As Eve Branson turns 90, Emily Horton discovers that Richard Branson’s mum is just as entrepreneurial as her famous son
Richard and Eve Branson
How many grannies do you know who celebrate their 90th birthday in a boob tube dress, boogying around a pole on the dance floor into the early hours? Not many, I bet.
But Eve Branson is not your average nonagenarian. She makes you think twice about life and whether you are making the most of it, because, by heck, she is.
She may be mum to one of the world's most successful businessmen, Sir Richard Branson founder and boss of the Virgin empire, but Mrs Branson Senior is a tour de force in her own right.
I phone Eve at her home in Fulham, West London and ask about her recent landmark birthday.
“We had the most fantastic party on Necker Island,” she tells me enthusiastically of the week-long celebration at Richard's Caribbean island.
“I was with my three children, 11 grandchildren and lots of close friends.
Having seen the photograph that Richard posted on Twitter of his mum dancing away in a dress that belied her age, the birthday bash looked as far removed as it could be from the sedate afternoon tea favoured by most in their nineties.
So, how does she do it?
“I keep busy,” she says simply.
Eve has so many projects on the go, that it has taken weeks to get interview time with her. She tells me that she is just back from France, where she has a home in the village of Aigues-Mortes near Montpellier.
“I created a house around a canal which I rent out every summer. I open it up and close it down at the end of each season,” she tells me, her business cap firmly on.
Building a new property is not a project typically associated with someone of advanced years but, as I learn from Eve’s autobiography, Mum’s the Word, renting out holiday homes is something she has been doing for years and was one of her original entrepreneurial endeavours.
Following our interview, Eve has a meeting to organise a polo match in Morocco next April. The event will raise funds for her charity, The Eve Branson Foundation, which improves the lives of women in the Atlas Mountains in Morocco through access to business, education and health care.
The idea for the Foundation started in the late nineties, when she persuaded Richard to buy a place in the isolated region of Kasbah (now known as the Kasbah Tamadot hotel – part of Richard’s portfolio of resorts). He agreed on condition that Eve did something for the local community.
“He told me that he would buy it if I looked after all the girls in the surrounding villages. I kept my word and have been doing it ever since. But of course, I have had to make money to do that.”
Eve chose to fundraise with an annual polo match.
“Well, I find the men so attractive – they have to be young, virile and strong!” she exclaims, adding, “To Richard’s amazement, we managed to make quite a bit of money last year to help keep us going and we shall be doing it again this year. They had never had a polo match in Morocco before – I like to do things for the first time.”

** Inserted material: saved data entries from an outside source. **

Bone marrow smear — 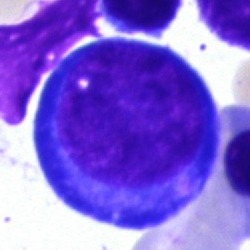
The cell shown is a proerythroblast.
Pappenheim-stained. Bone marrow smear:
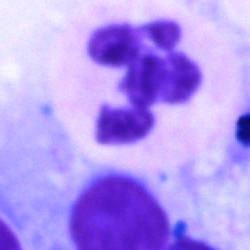Specimen: bone marrow smear.
Morphological class: segmented neutrophil.
Lineage: myeloid.
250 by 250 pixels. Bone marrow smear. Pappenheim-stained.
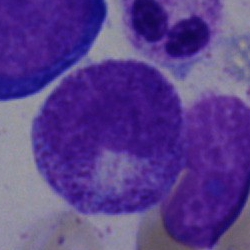Showing a metamyelocyte.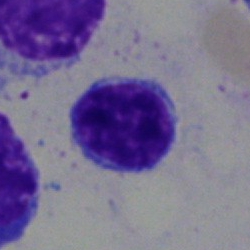 Morphological class — typical lymphocyte.
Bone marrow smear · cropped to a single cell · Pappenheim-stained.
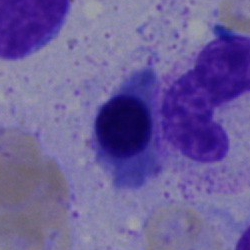

Morphological class: erythroblast.
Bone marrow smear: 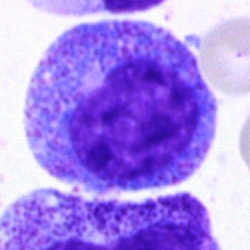 Q: Identify the cell.
A: It is a progranulocyte.
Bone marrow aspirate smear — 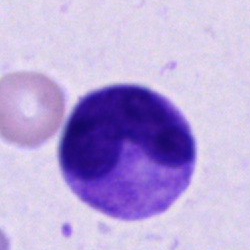

{"cell_type": "metamyelocyte", "lineage": "myeloid"}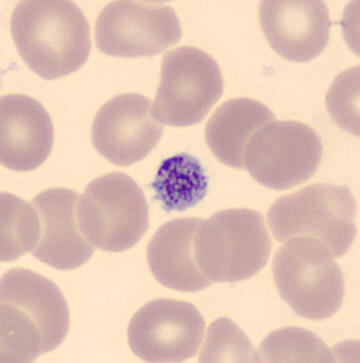
The classification is platelet.
Acquisition: Peripheral blood smear.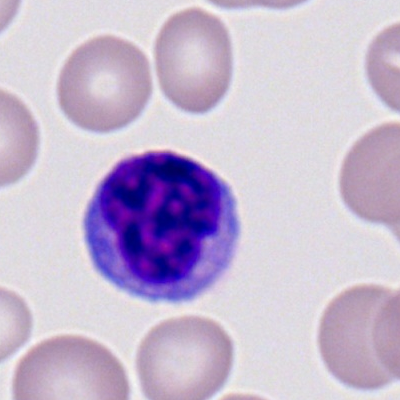
Impression — typical lymphocyte.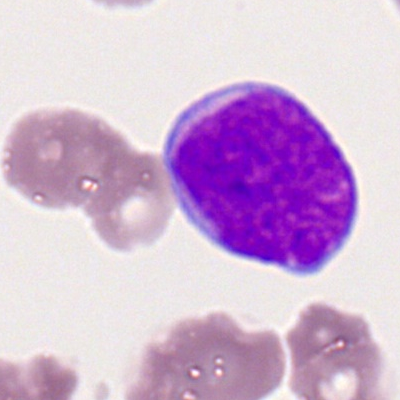Morphological class: myeloid blast.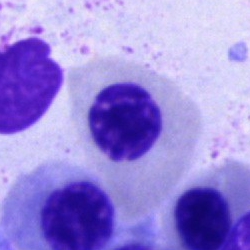 Q: What type of cell is this?
A: This is an erythroblast.
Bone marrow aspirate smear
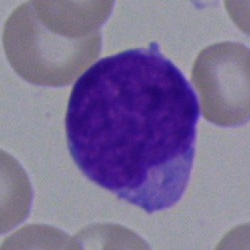 Showing an undifferentiated blast.
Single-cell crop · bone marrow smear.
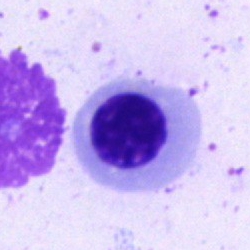Showing a nucleated red cell.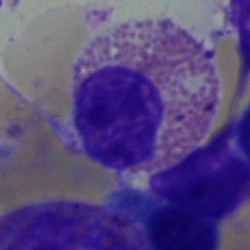
Q: What cell is this?
A: This is an eosinophil.
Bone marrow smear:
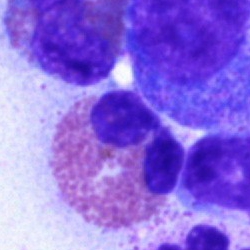 Morphology consistent with an eosinophilic granulocyte.

Although life seems easy for the Bransons, the last few years have, by Eve’s own admission, been a challenge. Her husband, Ted, died in March 2011 at the age of 93, and Eve has had some health issues.
“It has been a bit of a struggle,” she says. ”Falling downstairs in the middle of the night; having the wrong hip put in and then it having to be taken out again. All that set me back a bit, but you just have to get on with it.”
There was also the fire on Necker Island in August 2011 when Eve was famously rescued by Kate Winslet, who is married to her grandson, the improbably named Ned RocknRoll.
“It was nothing. The fire was awful, but we all got out,” she says, brushing the incident aside.
Eve was born in Devon and photos of her in younger days show a beautiful woman. She went to ballet school and became a performer in the West End. Then, during the Second World War she joined the Wrens. Later, she disguised herself as a boy to learn to fly gliders. Being the matriarch of the Branson clan, we wouldn't expect anything less.
After the war, she became an air hostess and met Ted at a party. They married in 1949 and Richard was born in 1950; his sisters, Lindy and Vanessa, arriving in 1953 and 1959. The family settled in Shamley Green near Guildford and it was there that Eve challenged a six year old Richard to make his own way home one afternoon.
“Richard was throwing himself about the car with his usual energy. I stopped the car a mile from the house and told Richard he should find his own way back home,” she writes in her autobiography.
Two hours later, he hadn’t returned and Eve was beside herself. An hour later, she had a call from the nearby farm, saying they had Richard.
Eve says, “I was keen that my children should be full of initiative, enterprise and self-reliance from an early age.”
She certainly succeeded with her son, who is now planning to send us all into space in a ship that he has naturally called after his formidable mother. It is unsurprising to hear that Eve wants to be the first granny in space.
“Well,” she says, “I am going to take the astronauts up there in the Eve mothership.”
And, do you know what, I bet she does.
This interview was conducted before the tragic crash of Virgin Galactic's SpaceShipTwo. We contacted Eve Branson, but she declined to comment.